== Directions ==
Search the records for "gotta" and copy each line that holds it.

== Data excerpts ==
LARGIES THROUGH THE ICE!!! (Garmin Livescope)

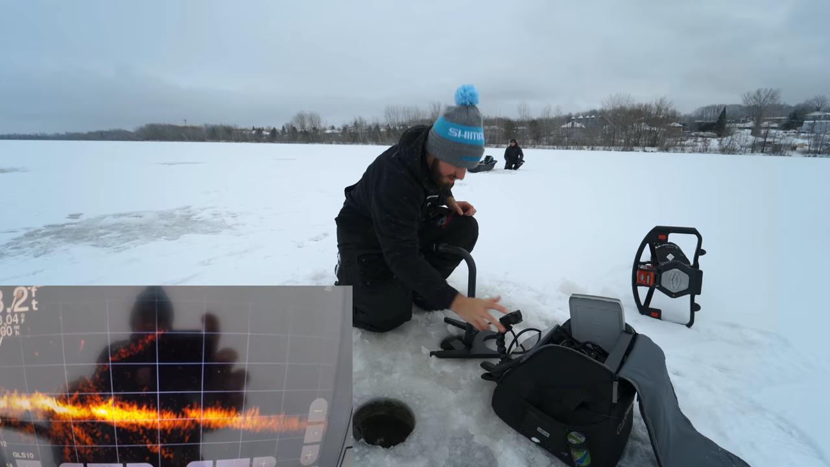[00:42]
All right, let's see if we can get this shit rolling. So hopefully we get on some fish. Oh, it's kind of cold, eh? On the cold side. I know, I don't feel like wearing my jacket. Let's see. Oh, I see my jig. I have to change my, I have a fish on me, wait. Dude, that's so cool. I have a fish on me. Dude, he's right on me. He's coming on me. He's right on you. He ate it.
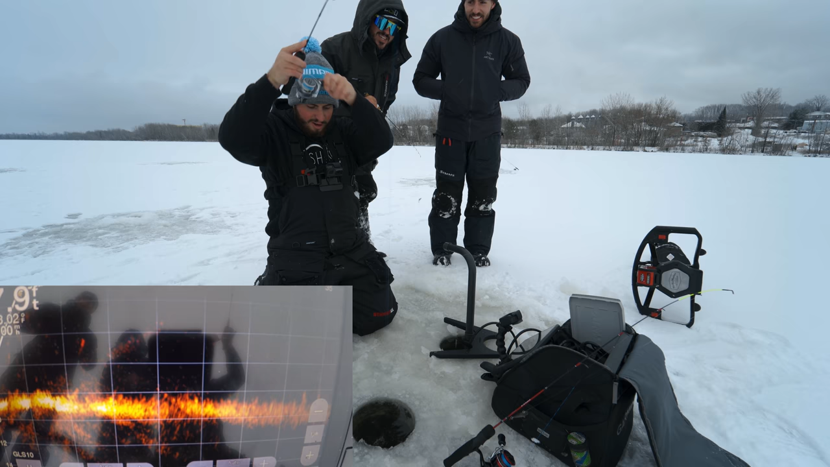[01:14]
Yeah. Yes. Little guy. Little gill? First fish on the Livescope, little gill. Dude, that is so, ooh. Oh, not a, it's not that small. Not that small. Dude, this is so sick. First fish on Livescope, little sunfish, right back. That was fun. We're just... I gotta change my color palette. Look at how many fish there are. Oh, yeah. Dude, you're playing fish. Hold up, I gotta change my color palette. This is cool. So which way is it pointing? That one's cool. It's this one, the best. That's what I need.
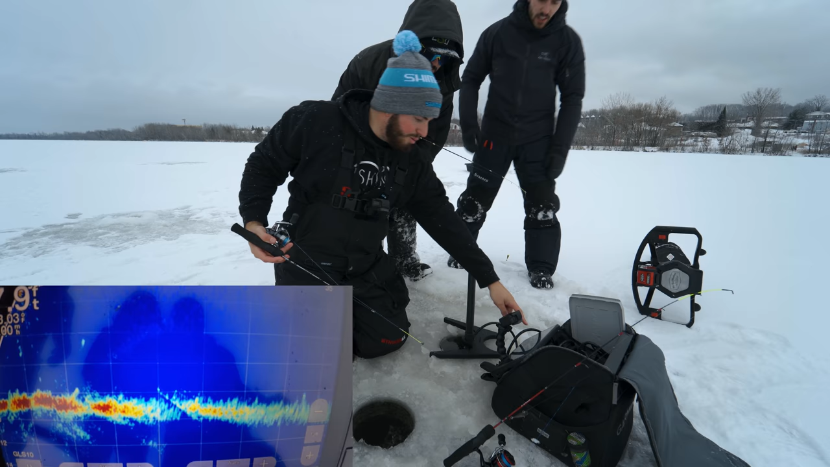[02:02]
Oh, okay. So you didn't orient it with this? No, I, because I set it up at my car, right? Okay. So when I did it, like right now it's backwards. Like I would want my jig to be here, but it's over here. But like I don't have it on down view. See my jig just dropped down? Yeah, yeah. It's because it's aiming over there. Check. Yeah. Look at that. Right now, those are big sure marks. That way. Yeah. Those are big marks. Pretty sure that's that way. That way? They're pretty high. That way? Those fish. I want to catch those fish. These guys? Yeah. Should I get some more? I might switch off the tungsten jig, switch to a rattle bait for a bit.
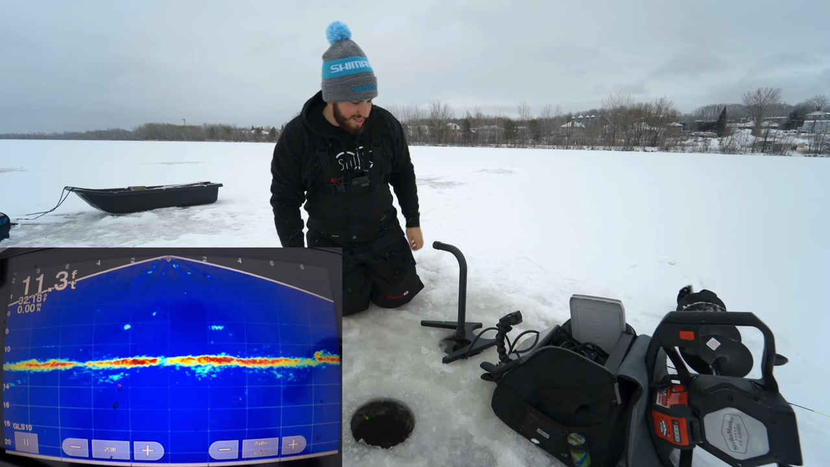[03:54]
Big girl, eh? Were they crushing the rattle bait at all? No. No, so why am I using it? Oh, big girl. Oh, we gotta go see that. Oh, you're gonna bring it over? Yeah, I'm coming over. Amazing.
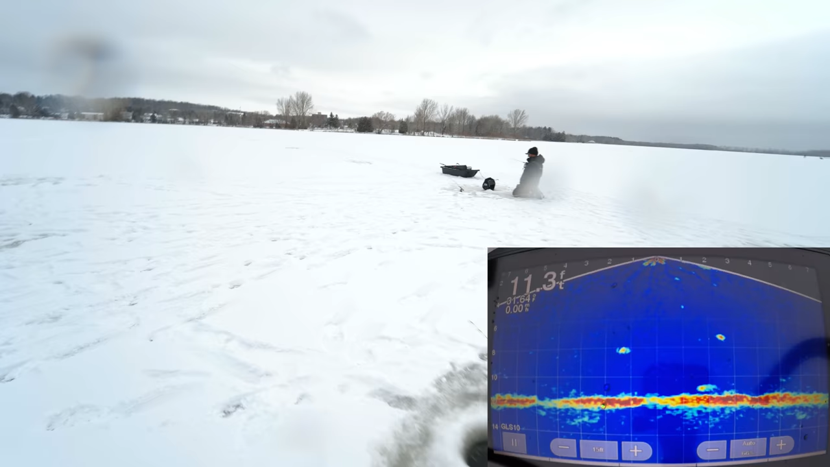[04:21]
Oh, I just had one cruising under me. He's on the rattle bait. Oh my god, there's two. They're on the tungsten. Do you have to keep it in their face or do you have to do the pull away like walleye? These fish just cruised right past me, right there. There's another one coming in.
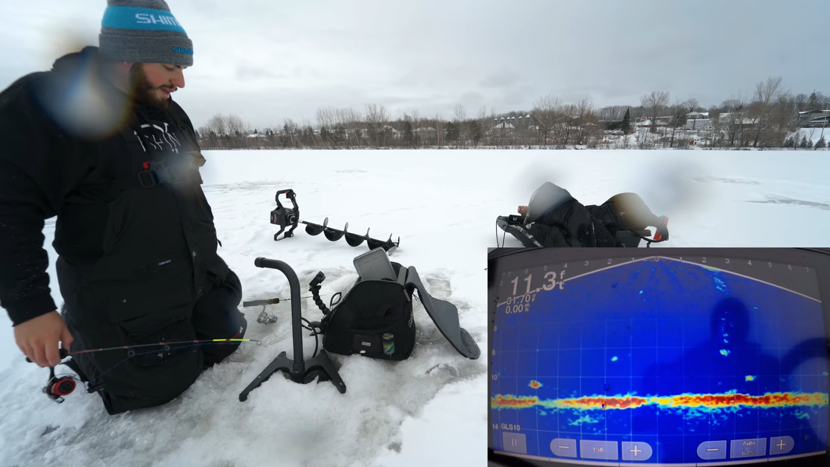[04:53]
On the left side though. Oh, right here. On the tungsten jig. Come on. eat it on the live scope. Oh no.
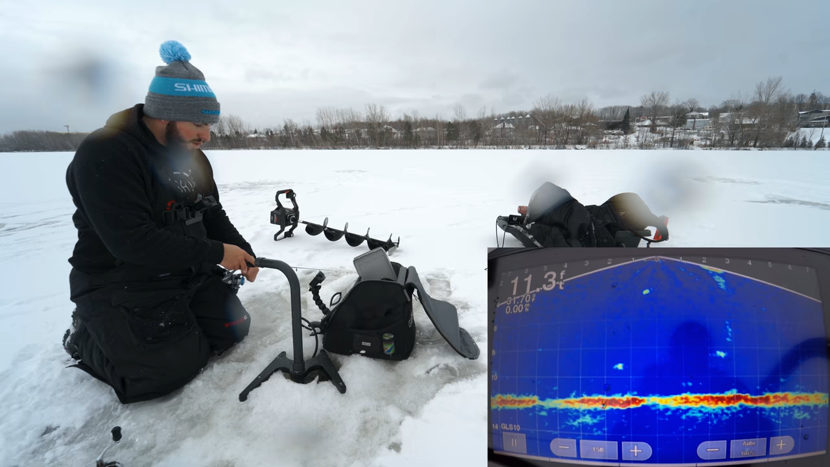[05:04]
Do the double fisting action. I had like four fish come on the screen. Okay, this one's coming in from the left, super hot. Come on, eat it. Dude, they're all ignoring me. What's the problem? They're all ignoring me. I got nothing. I had like four fish cruise through when I first set up and then nothing. My God.
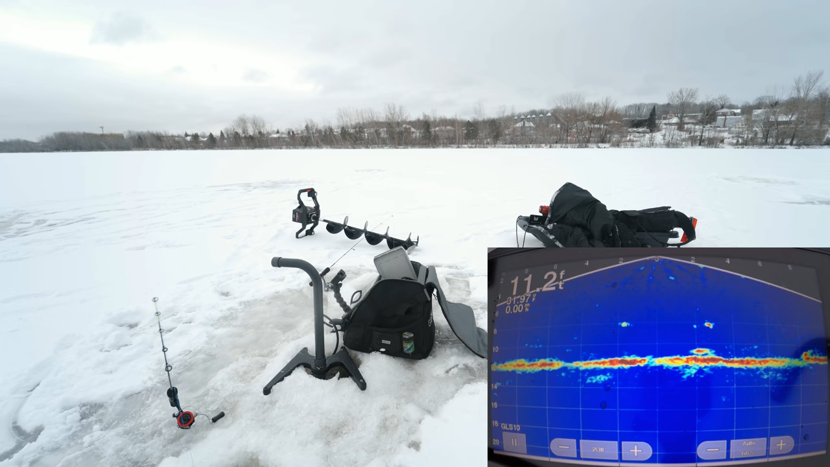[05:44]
On screen: depth 11.2 ft
I know. I never catch fish. Oh my God. You guys are both getting bit, man. That's the trade-off. Oh, I just had a fish cruise under me. How surprising. I love just being a bitch for the camera. Oh, he turned around. He turned around. Oh, there's one under the tungsten jig. Oh, as soon as I move, these spook. See, that shit you don't see on a flasher. You do see it. You see him come out of frame. Yeah.
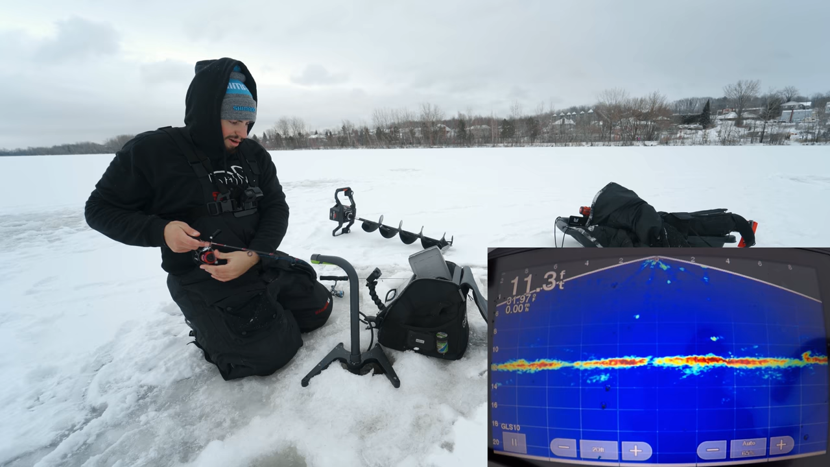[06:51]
On screen: depth 11.3 ft
It's a perch. All right. Perch. Everything but a bass. On the rattle bait too. I could tell right away though it wasn't a bass. And if it was a bass, it would have been pitsy, baby. Oh, big fish cruising in on the left. I mean, right. I have to remember that it's inverse. He's on me. Crushed it. That's a bass. That's a bass on the live scope. Oh, yeah, not a bad fish. Not a bad fish. Oh, I got hooked. Oh, shit.
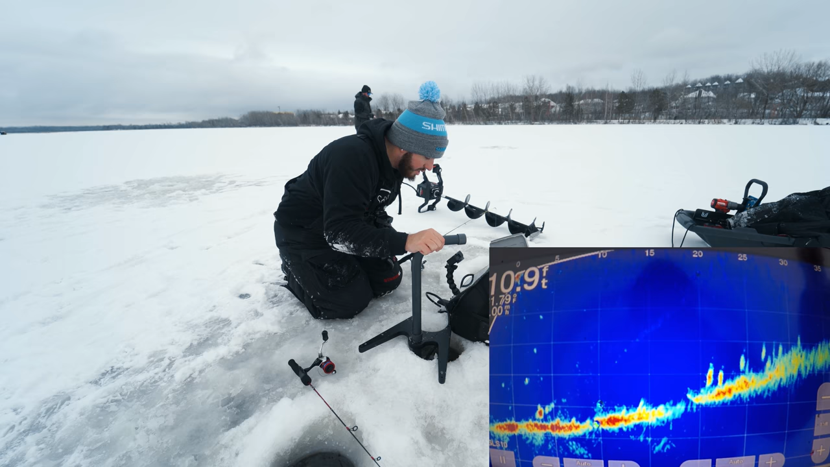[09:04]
Perch, bass, yeah, for sure, bass. Oh my God, dude. I don't know exactly where I'm facing, but there's like four fish. Yeah, they're probably all oh my God. Oh my God, they just decoily as soon as you got up. No, wait. They oh, were probably, Chris, there's a big ass cool. Look at that, like one, two, three, four here. Look at all those fish though. That should be pointing towards your hole. Really? Right now, yeah. Should be, because that 90 degrees from my transducer is 90 degrees from the way the pole's pointing, and I'm picking up my hole right here,

== Completed exercise ==
Yeah. Yes. Little guy. Little gill? First fish on the Livescope, little gill. Dude, that is so, ooh. Oh, not a, it's not that small. Not that small. Dude, this is so sick. First fish on Livescope, little sunfish, right back. That was fun. We're just... I gotta change my color palette. Look at how many fish there are. Oh, yeah. Dude, you're playing fish. Hold up, I gotta change my color palette. This is cool. So which way is it pointing? That one's cool. It's this one, the best. That's what I need.
Big girl, eh? Were they crushing the rattle bait at all? No. No, so why am I using it? Oh, big girl. Oh, we gotta go see that. Oh, you're gonna bring it over? Yeah, I'm coming over. Amazing.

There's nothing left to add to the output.